A metrics collection service captures numeric measurements over time, stores them efficiently, and powers alerting and dashboards. This post covers metric types, collection models, time series storage, aggregation, alerting, and the cardinality problem.

Metric Types

Four fundamental types cover nearly every monitoring use case:

Counter — monotonically increasing value, reset only on restart. Measures cumulative events: requests served, bytes sent, errors. Rate-of-change queries (requests per second) are derived via the rate() function.
Gauge — arbitrary value that can go up or down. Measures current state: memory used, active connections, queue depth.
Histogram — samples observations into configurable buckets and tracks sum and count. Used to compute quantiles server-side (e.g., 95th percentile latency). Bucketing is defined at instrumentation time; changing buckets requires redeployment.
Summary — pre-calculates quantiles on the client side (e.g., 0.5, 0.9, 0.99 quantiles). Quantiles are accurate but cannot be aggregated across instances — a significant limitation in horizontally scaled systems. Histograms are generally preferred for that reason.

Push vs Pull Collection

Pull model (Prometheus) — the metrics server scrapes each target on a configurable interval (e.g., every 15 seconds). Targets expose an HTTP endpoint (/metrics) in the Prometheus text format. Advantages: the server controls the scrape rate; targets do not need to know the server address; scrape failures are immediately visible as a gap. Disadvantage: services behind NAT or short-lived (batch jobs, lambdas) cannot be scraped. Pushgateway bridges this gap for batch jobs.

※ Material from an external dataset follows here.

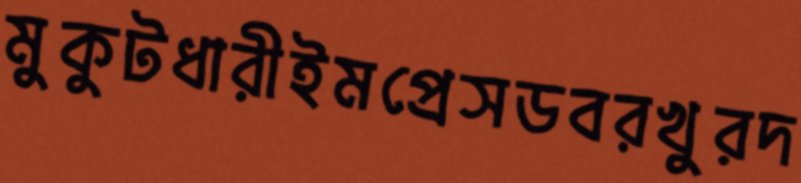
মুকুটধারীইমপ্রেসডবরখুরদ

Push model (StatsD, OpenTelemetry push exporter) — services emit metrics to a collector over UDP (StatsD) or gRPC (OTLP). Advantages: works for ephemeral workloads; no need to expose an HTTP port per service. Disadvantages: UDP is fire-and-forget (drops under load); the collector must handle bursty writes; back-pressure is harder to implement.

Time Series Storage

A time series is identified by a metric name plus a set of labels (key-value pairs). Each series is a sequence of (timestamp, value) pairs. Storage engines optimize for sequential writes and range reads on a single series:

Prometheus TSDB — local, single-node. Chunks of 120 samples compressed with XOR delta encoding. Suitable for single-datacenter deployments with retention up to ~15 days on a single node.
Thanos — extends Prometheus with long-term storage by shipping compacted blocks to object storage (S3). Queries fan out across multiple Prometheus instances via a sidecar.
M3DB — distributed time series database designed for high write throughput. Used by Uber at large scale.
InfluxDB — columnar TSM storage engine, supports both push and pull, has its own query language (Flux). Strong choice for IoT and high-cardinality workloads.

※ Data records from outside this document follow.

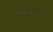
આયોન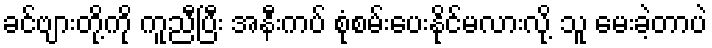
ခင်ဗျားတို့ကို ကူညီပြီး အနီးကပ် စုံစမ်းပေးနိုင်မလားလို့ သူ မေးခဲ့တာပဲ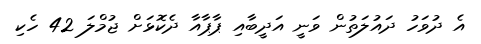
އެ ދުވަހު ދައުލަތުން ވަނީ އަދީބާއި ޕާޕާއާ ދެކޮޅަށް ޖުމްލަ 42 ހެކި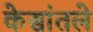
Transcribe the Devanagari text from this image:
केसांतले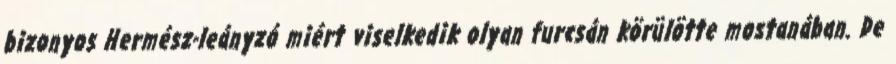
bizonyos Hermész-leányzó miért viselkedik olyan furcsán körülötte mostanában. De

Aggregation and Downsampling

Raw high-resolution data is expensive to store indefinitely. Downsampling compresses old data by replacing raw samples with aggregated values:

0–7 days: raw samples at 5-second resolution
7–30 days: 1-minute aggregates (min, max, sum, count per window)
30 days+: 1-hour aggregates

Thanos Compactor and Cortex ruler handle this automatically. The trade-off is query fidelity: a 1-hour aggregate cannot reconstruct per-second spikes, so short-duration anomalies become invisible in long-range views.

Alerting Rule Engine

Prometheus alerting rules are PromQL expressions evaluated on a configurable interval. A rule fires when the expression returns a non-empty result set. The for clause requires the condition to persist for a duration before the alert transitions to FIRING — this suppresses transient spikes. Example: an error rate alert fires when rate(http_requests_total{status=~"5.."}[5m]) / rate(http_requests_total[5m]) > 0.01 holds for more than 2 minutes. Alertmanager receives firing alerts and routes them to PagerDuty, Slack, or email, with deduplication and grouping.

Cardinality Explosion

Every unique combination of label values creates a distinct time series. Adding a high-cardinality label — user_id, request_id, full URL path — can multiply the series count by millions. This blows up memory (Prometheus keeps the index in RAM), slows queries, and can crash the server. Mitigations: enforce label value allow-lists at the scrape layer, use recording rules to pre-aggregate high-cardinality dimensions, and monitor the series count per job with prometheus_tsdb_head_series.

Dashboard Integration

Grafana is the standard visualization layer. It connects to Prometheus (or Thanos / Cortex) as a data source and renders panels using PromQL queries. Dashboards are version-controlled as JSON. For a metrics service, standard dashboard panels include: per-service request rate and error rate (RED method), per-host CPU/memory/disk (USE method), histogram heatmaps for latency distributions, and alert state history. Grafana Alerting can also evaluate rules directly against data source queries, reducing the need to duplicate alert logic in Prometheus.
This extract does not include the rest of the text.